◆ Task brief ◆
Once you find the line below that has "མི་མཉམ་པ་ལྟར་འ", output it and every line after it exactly, stopping after the line that has "གུས་པར་བྱའོ།། ༈ །།འཕགས་པའི་དགོངས་ཟབ་བུདྡྷ་པཱ་ལི་ཏས།", with no pictures.

◆ Extracted material ◆
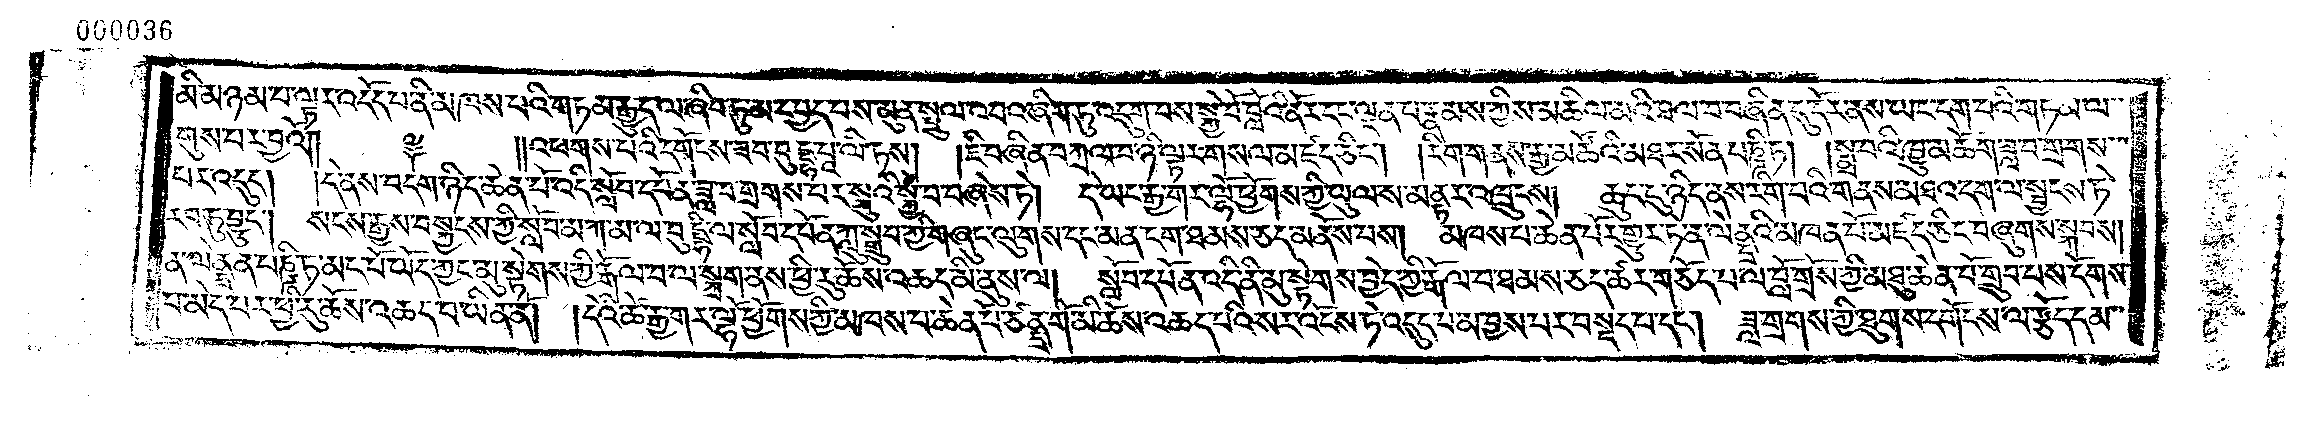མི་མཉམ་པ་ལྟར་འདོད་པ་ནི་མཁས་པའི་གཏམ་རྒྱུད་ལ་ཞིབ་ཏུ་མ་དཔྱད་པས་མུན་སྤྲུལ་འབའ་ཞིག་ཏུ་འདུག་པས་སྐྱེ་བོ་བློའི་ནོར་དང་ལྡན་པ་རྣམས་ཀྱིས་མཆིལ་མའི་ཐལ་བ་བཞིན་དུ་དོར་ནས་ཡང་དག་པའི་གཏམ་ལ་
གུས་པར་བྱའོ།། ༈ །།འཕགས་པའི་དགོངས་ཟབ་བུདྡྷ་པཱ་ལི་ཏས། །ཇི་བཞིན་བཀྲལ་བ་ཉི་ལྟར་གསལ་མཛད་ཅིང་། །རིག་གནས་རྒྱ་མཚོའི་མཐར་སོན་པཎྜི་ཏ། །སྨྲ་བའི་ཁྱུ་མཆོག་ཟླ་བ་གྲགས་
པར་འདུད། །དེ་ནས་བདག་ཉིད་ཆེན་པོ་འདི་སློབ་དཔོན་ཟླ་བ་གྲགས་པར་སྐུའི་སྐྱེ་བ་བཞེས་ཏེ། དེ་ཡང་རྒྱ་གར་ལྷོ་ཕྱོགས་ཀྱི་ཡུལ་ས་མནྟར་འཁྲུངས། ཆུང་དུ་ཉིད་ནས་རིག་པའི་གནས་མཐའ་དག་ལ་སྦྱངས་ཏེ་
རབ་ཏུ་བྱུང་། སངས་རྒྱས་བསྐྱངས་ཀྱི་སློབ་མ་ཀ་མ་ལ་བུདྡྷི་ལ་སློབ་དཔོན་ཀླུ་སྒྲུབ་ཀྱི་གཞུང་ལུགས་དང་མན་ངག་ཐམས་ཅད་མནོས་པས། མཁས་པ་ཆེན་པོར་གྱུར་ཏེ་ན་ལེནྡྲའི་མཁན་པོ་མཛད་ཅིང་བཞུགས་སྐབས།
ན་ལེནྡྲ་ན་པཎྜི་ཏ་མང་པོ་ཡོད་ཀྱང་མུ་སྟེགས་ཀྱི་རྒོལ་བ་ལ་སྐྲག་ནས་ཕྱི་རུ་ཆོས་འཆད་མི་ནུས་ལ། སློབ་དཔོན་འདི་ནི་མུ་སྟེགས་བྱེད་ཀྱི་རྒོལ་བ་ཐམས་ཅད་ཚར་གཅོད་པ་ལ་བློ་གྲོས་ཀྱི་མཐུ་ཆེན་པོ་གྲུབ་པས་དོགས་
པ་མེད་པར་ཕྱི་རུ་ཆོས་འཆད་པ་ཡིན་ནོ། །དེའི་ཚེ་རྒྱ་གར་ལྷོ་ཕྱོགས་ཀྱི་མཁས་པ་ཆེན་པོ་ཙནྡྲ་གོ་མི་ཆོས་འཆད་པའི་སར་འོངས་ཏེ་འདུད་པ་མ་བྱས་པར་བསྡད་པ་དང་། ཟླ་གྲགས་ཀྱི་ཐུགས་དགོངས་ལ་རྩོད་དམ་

* * *

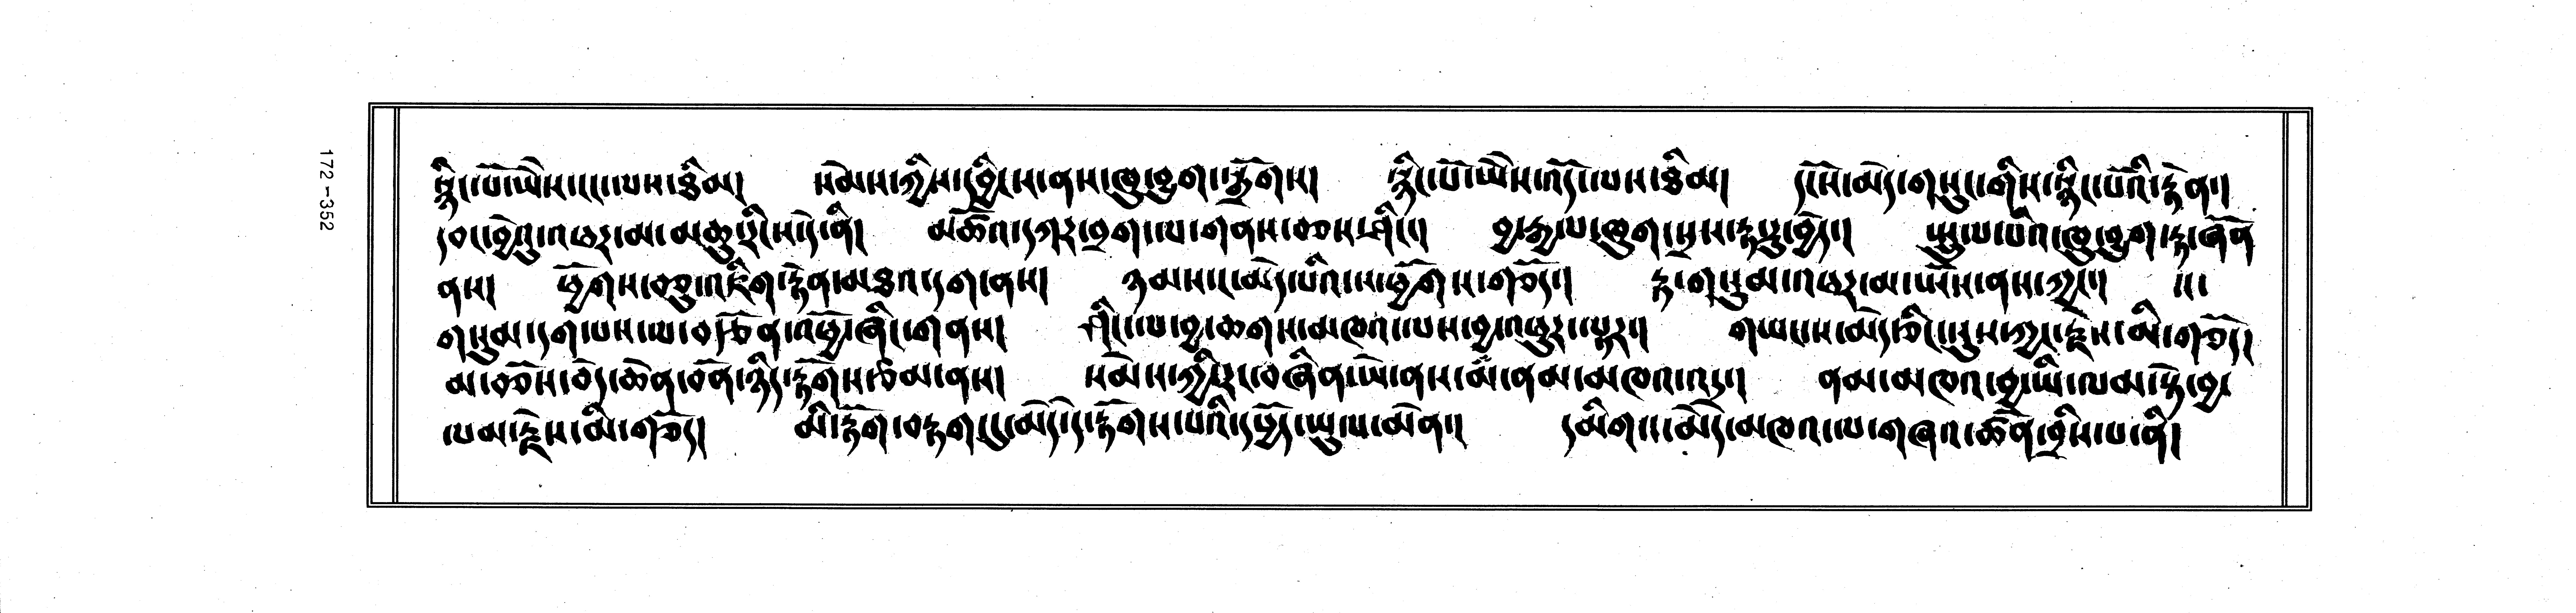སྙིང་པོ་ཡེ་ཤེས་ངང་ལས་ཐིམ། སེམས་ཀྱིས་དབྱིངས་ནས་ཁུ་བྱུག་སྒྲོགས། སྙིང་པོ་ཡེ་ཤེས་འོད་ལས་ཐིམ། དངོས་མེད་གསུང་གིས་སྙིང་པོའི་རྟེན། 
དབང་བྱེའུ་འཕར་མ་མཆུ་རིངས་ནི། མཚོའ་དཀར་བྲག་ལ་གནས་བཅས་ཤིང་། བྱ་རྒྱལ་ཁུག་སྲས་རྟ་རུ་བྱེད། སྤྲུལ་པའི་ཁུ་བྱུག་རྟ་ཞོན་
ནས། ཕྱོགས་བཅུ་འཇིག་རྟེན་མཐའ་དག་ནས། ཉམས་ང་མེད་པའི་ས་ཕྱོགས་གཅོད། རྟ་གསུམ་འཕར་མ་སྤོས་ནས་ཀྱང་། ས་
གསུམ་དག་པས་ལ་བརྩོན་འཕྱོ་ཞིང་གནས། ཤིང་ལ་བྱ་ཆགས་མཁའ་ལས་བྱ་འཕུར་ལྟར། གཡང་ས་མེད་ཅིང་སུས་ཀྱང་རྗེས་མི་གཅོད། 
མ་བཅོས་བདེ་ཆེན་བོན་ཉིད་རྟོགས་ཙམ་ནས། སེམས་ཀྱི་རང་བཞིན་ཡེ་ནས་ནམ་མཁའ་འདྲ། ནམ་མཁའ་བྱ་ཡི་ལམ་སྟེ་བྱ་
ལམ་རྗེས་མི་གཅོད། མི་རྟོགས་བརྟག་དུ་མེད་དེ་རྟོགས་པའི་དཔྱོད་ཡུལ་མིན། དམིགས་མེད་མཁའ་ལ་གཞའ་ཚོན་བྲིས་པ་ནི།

---

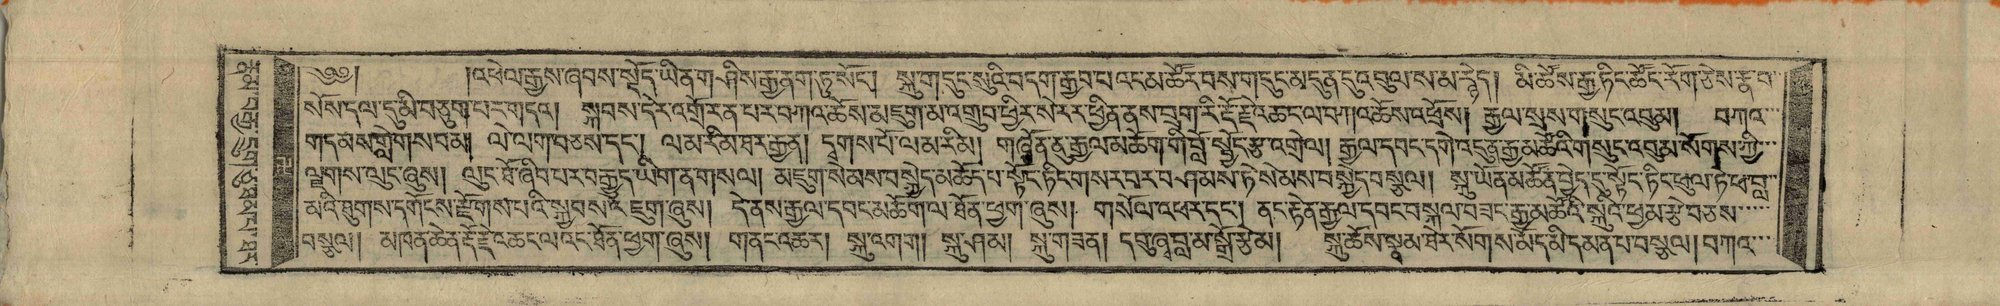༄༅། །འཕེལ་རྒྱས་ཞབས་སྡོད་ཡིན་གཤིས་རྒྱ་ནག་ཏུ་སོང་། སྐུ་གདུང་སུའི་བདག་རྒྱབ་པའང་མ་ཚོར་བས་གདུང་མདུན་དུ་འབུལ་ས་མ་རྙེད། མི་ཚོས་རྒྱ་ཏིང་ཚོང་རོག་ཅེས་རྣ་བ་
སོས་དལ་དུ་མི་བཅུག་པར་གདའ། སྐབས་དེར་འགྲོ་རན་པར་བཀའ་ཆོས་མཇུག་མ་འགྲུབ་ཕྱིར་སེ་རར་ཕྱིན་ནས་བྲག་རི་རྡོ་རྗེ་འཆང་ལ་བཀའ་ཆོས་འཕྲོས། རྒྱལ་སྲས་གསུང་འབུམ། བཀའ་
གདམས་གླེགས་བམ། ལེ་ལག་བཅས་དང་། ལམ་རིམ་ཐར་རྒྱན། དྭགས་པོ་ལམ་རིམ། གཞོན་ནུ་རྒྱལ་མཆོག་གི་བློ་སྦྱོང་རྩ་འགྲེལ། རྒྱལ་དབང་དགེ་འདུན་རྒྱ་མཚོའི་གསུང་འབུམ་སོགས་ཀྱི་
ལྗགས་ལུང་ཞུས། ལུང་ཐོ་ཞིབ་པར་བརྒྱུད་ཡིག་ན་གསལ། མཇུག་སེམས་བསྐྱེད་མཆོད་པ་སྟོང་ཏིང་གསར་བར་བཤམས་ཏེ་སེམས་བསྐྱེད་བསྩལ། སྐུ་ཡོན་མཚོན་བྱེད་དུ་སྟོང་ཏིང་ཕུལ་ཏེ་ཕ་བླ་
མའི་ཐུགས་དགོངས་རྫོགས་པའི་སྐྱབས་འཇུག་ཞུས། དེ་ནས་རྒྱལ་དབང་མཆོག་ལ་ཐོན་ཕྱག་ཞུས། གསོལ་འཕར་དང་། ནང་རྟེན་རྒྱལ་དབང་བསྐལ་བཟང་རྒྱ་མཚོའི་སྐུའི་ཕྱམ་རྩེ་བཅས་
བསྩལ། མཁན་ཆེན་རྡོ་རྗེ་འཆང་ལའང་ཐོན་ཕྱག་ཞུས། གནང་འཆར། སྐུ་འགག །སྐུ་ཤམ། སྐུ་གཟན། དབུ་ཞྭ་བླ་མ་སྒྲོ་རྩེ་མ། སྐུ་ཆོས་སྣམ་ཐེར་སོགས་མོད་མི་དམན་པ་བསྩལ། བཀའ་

◆ Response for this exercise ◆
མི་མཉམ་པ་ལྟར་འདོད་པ་ནི་མཁས་པའི་གཏམ་རྒྱུད་ལ་ཞིབ་ཏུ་མ་དཔྱད་པས་མུན་སྤྲུལ་འབའ་ཞིག་ཏུ་འདུག་པས་སྐྱེ་བོ་བློའི་ནོར་དང་ལྡན་པ་རྣམས་ཀྱིས་མཆིལ་མའི་ཐལ་བ་བཞིན་དུ་དོར་ནས་ཡང་དག་པའི་གཏམ་ལ་
གུས་པར་བྱའོ།། ༈ །།འཕགས་པའི་དགོངས་ཟབ་བུདྡྷ་པཱ་ལི་ཏས། །ཇི་བཞིན་བཀྲལ་བ་ཉི་ལྟར་གསལ་མཛད་ཅིང་། །རིག་གནས་རྒྱ་མཚོའི་མཐར་སོན་པཎྜི་ཏ། །སྨྲ་བའི་ཁྱུ་མཆོག་ཟླ་བ་གྲགས་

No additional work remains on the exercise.